#### ACTIVITY:
Go line by line through the entries below and copy those containing the string "text".

#### PROVIDED ENTRIES:
BEGIN

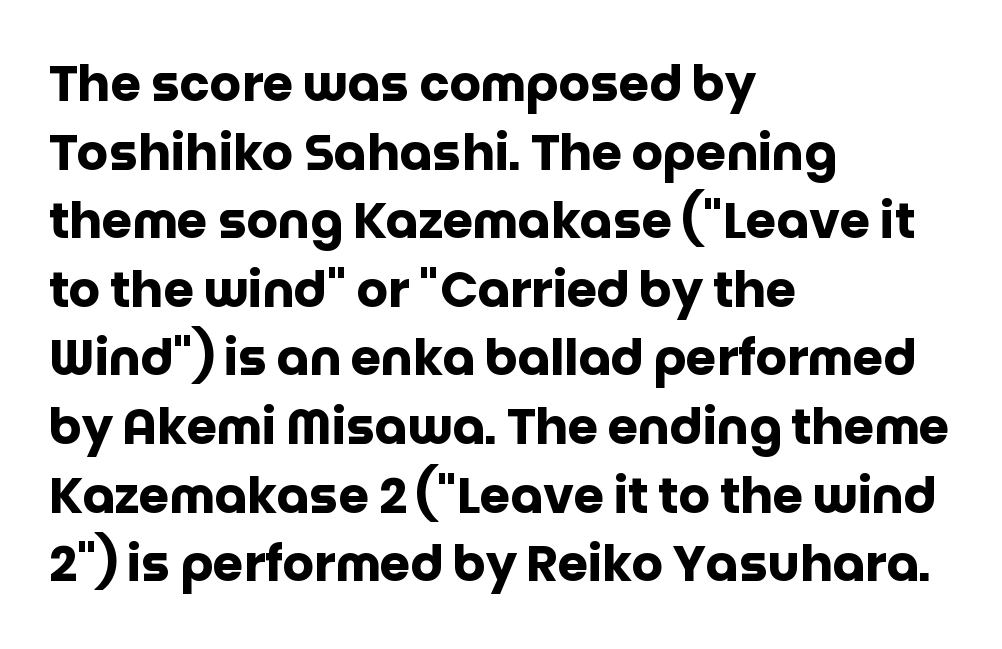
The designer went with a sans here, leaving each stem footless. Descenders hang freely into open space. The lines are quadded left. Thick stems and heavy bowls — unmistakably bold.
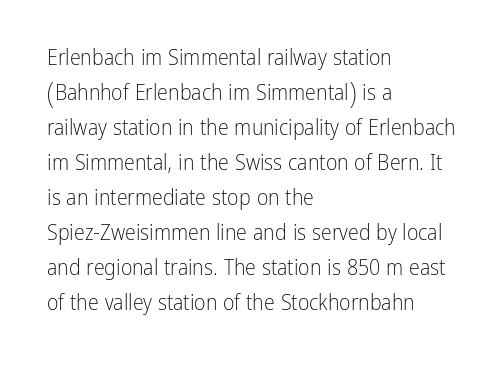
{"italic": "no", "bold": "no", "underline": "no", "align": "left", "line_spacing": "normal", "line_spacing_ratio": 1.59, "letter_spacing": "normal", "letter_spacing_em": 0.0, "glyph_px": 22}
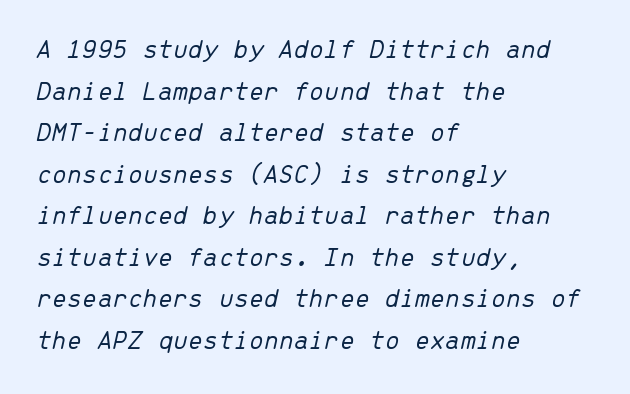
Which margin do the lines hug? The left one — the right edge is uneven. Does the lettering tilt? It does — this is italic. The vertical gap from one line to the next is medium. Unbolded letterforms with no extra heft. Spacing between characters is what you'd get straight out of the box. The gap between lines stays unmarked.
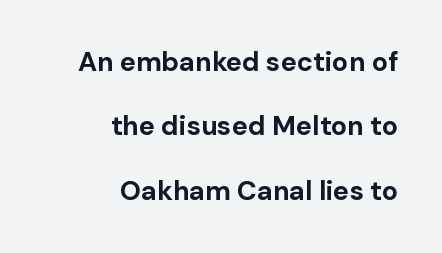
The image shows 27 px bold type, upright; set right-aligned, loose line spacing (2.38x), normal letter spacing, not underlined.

END
BEGIN

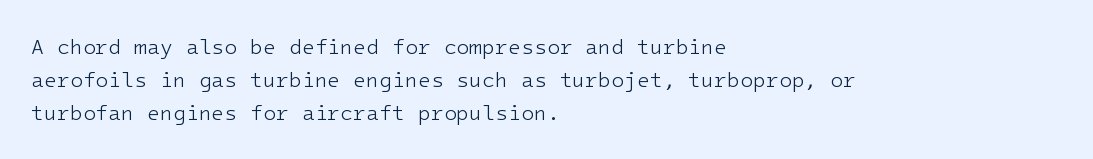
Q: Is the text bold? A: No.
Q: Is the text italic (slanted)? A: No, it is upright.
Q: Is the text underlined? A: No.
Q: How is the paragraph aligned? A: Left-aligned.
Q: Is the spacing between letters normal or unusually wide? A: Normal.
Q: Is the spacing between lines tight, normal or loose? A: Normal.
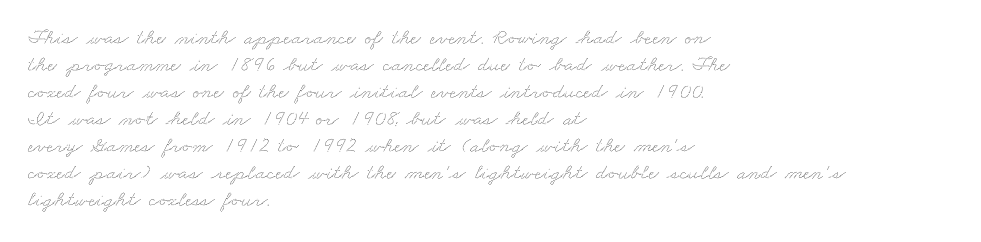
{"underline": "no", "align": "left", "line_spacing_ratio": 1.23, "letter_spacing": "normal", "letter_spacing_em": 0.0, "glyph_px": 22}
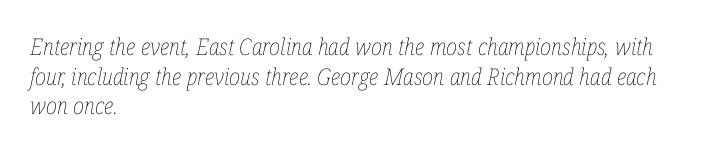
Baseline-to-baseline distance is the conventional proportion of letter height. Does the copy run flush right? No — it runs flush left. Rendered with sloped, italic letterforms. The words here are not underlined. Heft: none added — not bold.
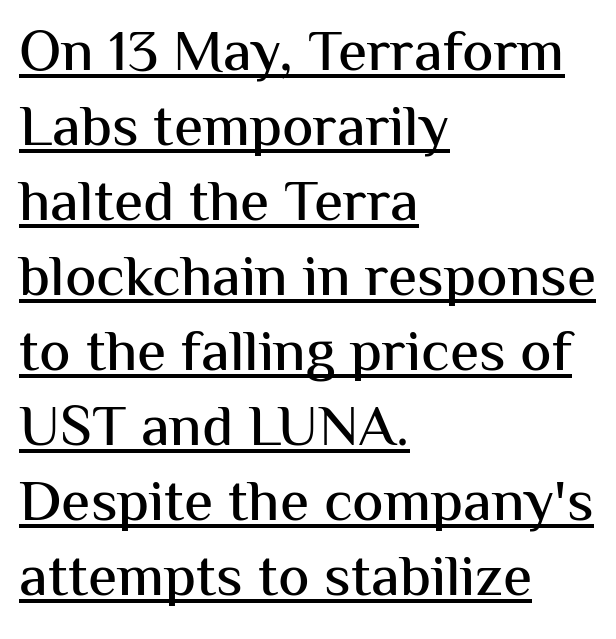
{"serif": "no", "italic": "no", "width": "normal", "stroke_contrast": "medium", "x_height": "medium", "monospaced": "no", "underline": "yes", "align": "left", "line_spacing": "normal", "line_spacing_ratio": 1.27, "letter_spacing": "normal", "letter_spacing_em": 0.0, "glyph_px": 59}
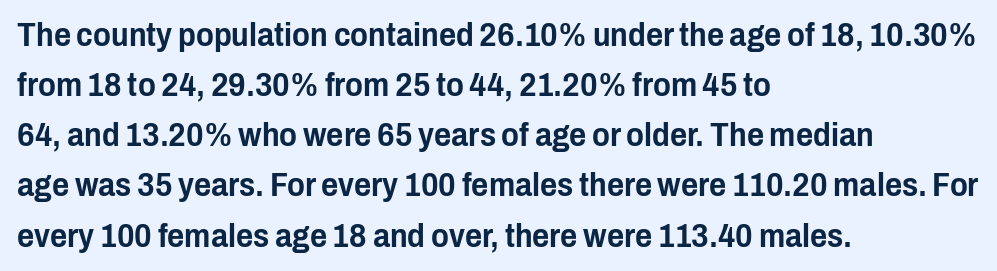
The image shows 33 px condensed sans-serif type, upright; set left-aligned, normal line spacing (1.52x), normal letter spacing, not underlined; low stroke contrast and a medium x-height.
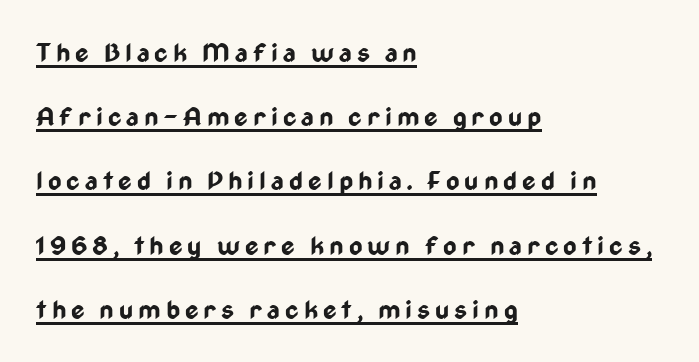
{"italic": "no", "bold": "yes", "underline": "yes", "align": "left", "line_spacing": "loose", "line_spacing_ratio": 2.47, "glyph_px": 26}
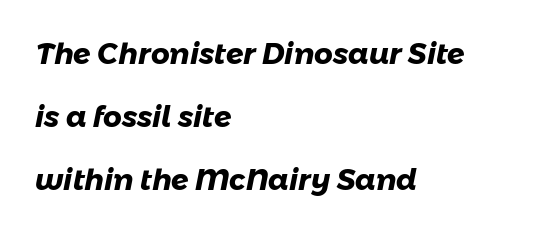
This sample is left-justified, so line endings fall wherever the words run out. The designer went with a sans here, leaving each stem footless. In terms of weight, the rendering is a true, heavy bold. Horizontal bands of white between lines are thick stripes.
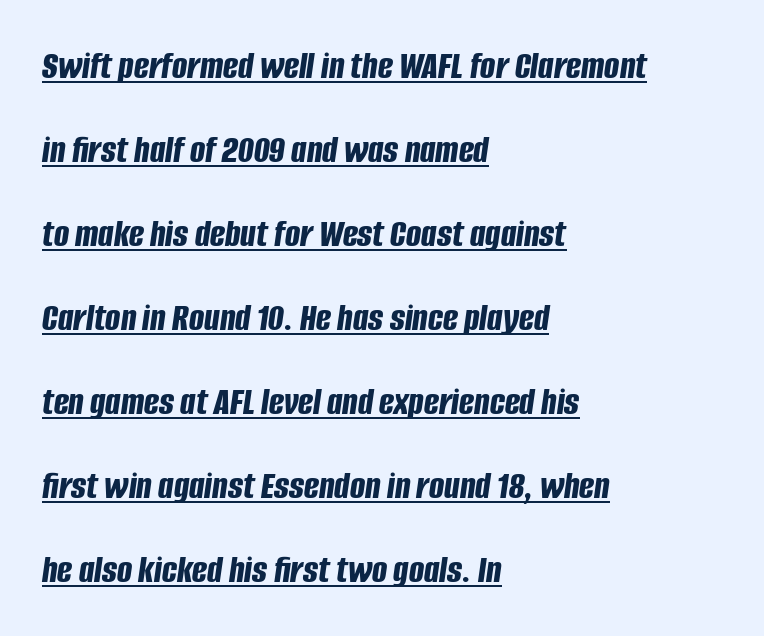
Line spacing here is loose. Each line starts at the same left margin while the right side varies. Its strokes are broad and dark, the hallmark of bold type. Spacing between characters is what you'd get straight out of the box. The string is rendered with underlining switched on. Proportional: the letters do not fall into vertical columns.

END

#### ANSWER SPACE:
Q: Is the text bold? A: No.
Q: Is the text italic (slanted)? A: No, it is upright.
Q: Is the text underlined? A: No.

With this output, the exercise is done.